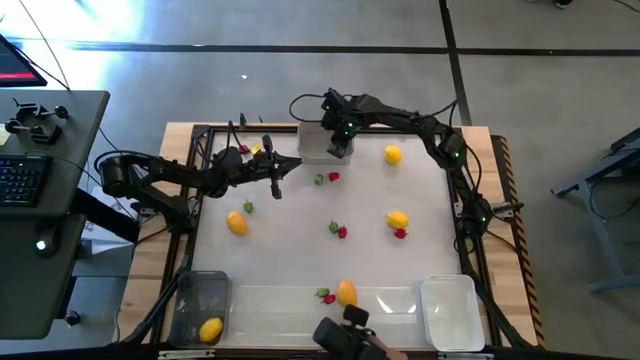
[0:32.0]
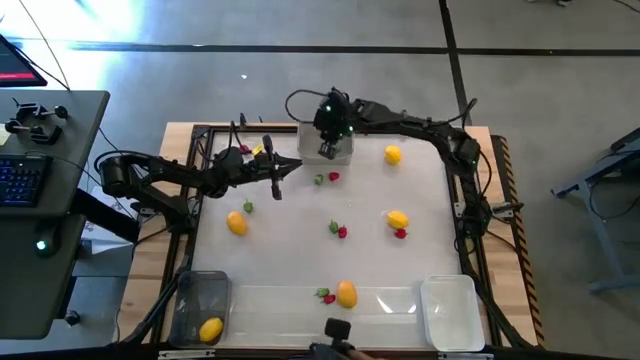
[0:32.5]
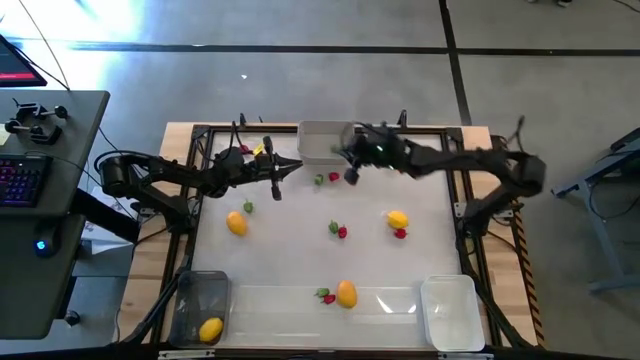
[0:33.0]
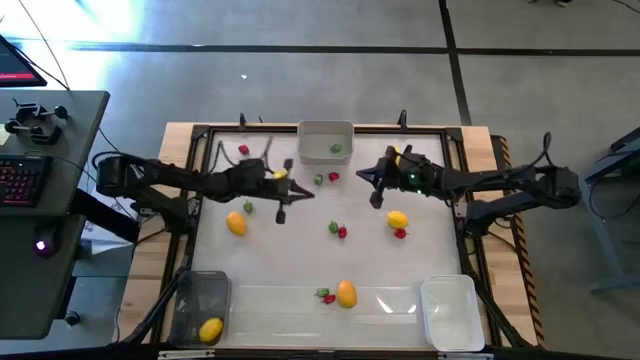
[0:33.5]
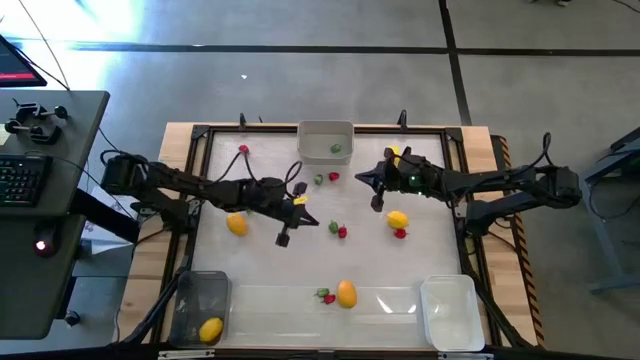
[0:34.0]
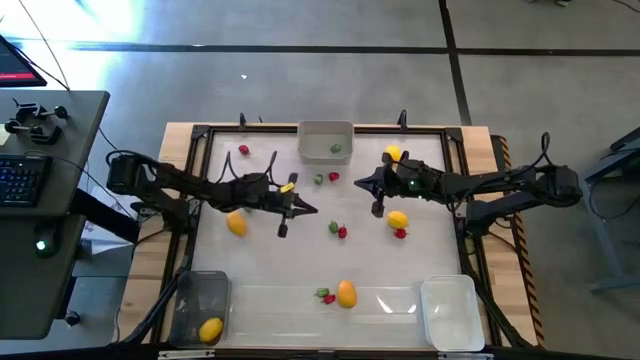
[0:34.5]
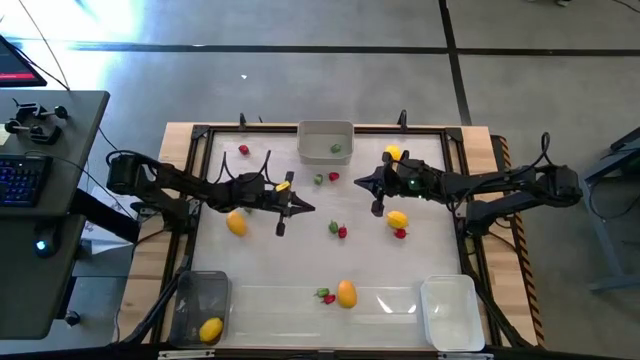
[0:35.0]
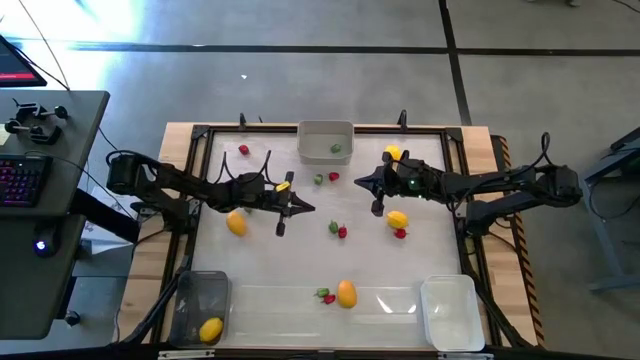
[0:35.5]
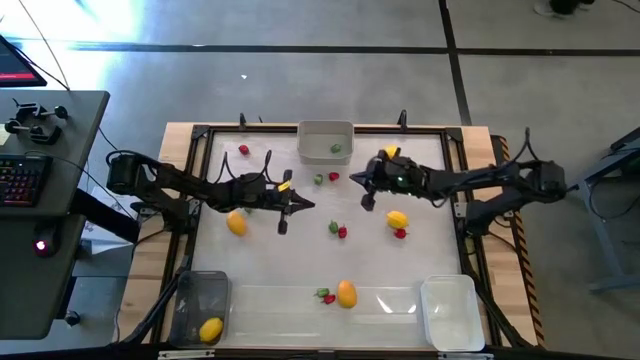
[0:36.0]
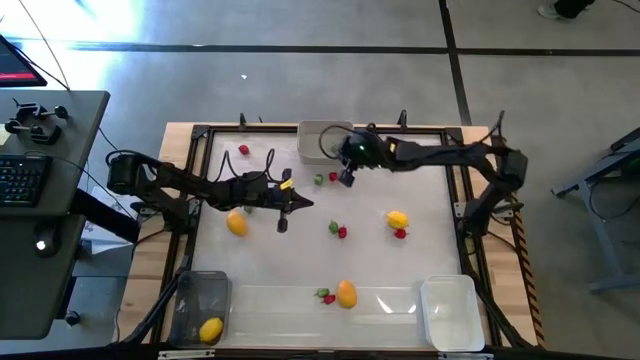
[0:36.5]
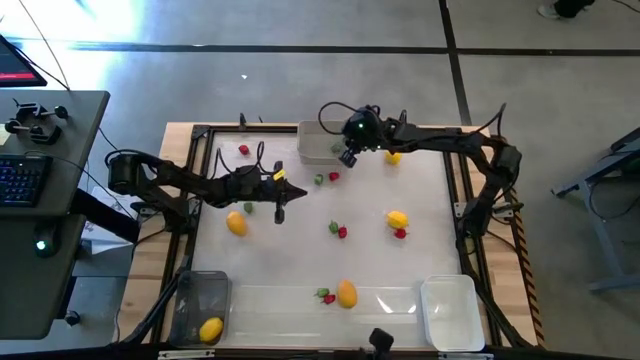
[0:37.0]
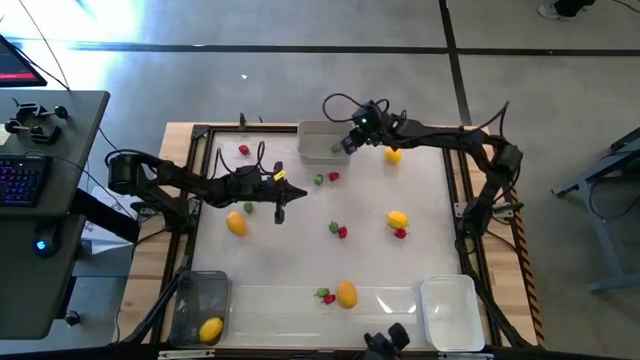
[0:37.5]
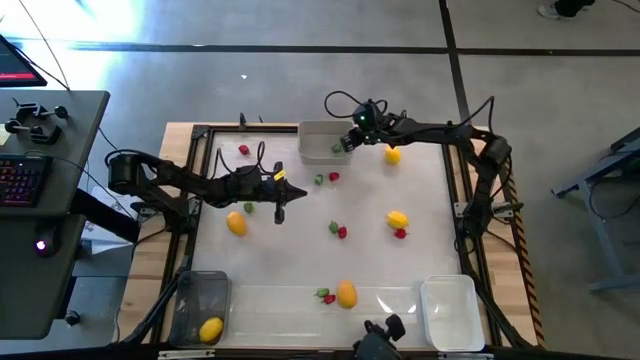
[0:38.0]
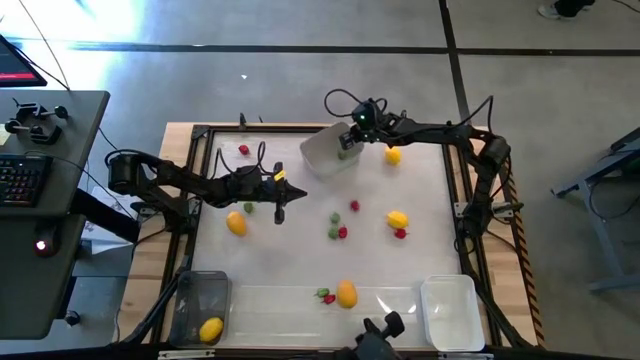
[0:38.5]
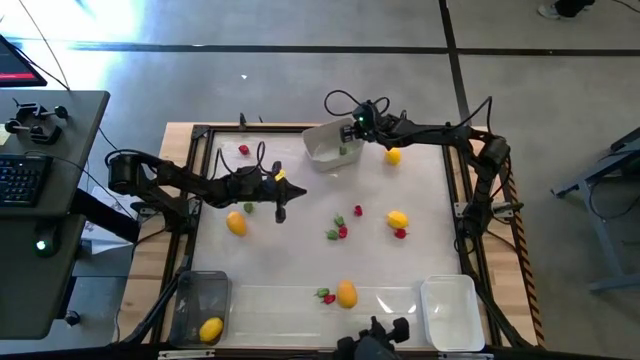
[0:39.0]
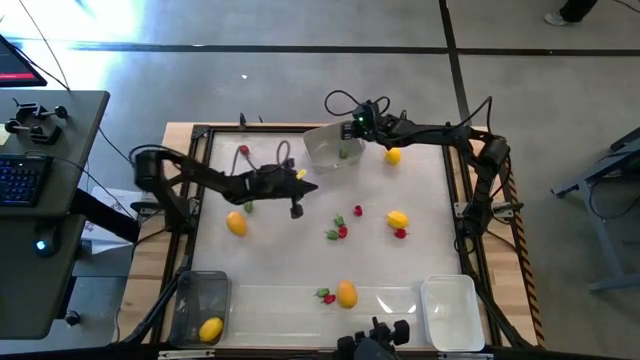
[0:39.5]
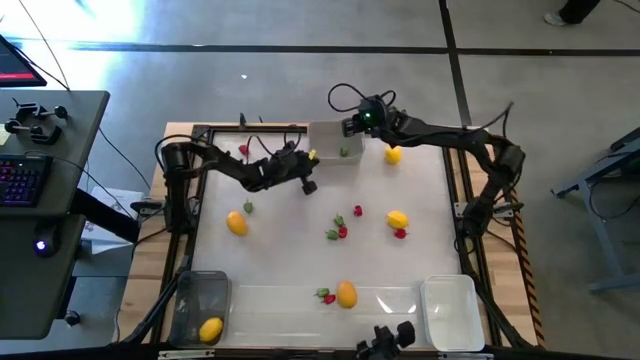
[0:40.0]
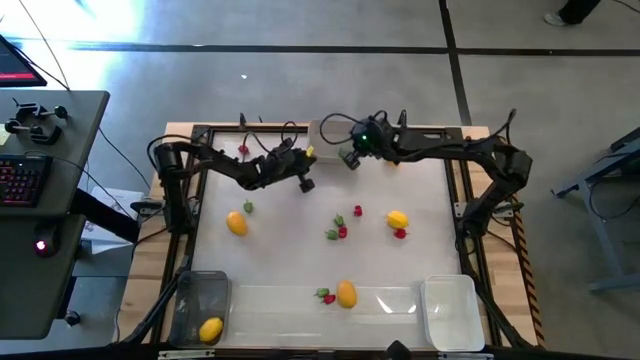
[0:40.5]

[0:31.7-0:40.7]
Task: Sort produce into baskets
Adjust the gray bin

What to do. Could you repeat all of the entries exactly, without any of the images?

Response.
[0:32.0]
[0:32.5]
[0:33.0]
[0:33.5]
[0:34.0]
[0:34.5]
[0:35.0]
[0:35.5]
[0:36.0]
[0:36.5]
[0:37.0]
[0:37.5]
[0:38.0]
[0:38.5]
[0:39.0]
[0:39.5]
[0:40.0]
[0:40.5]

[0:31.7-0:40.7]
Task: Sort produce into baskets
Adjust the gray bin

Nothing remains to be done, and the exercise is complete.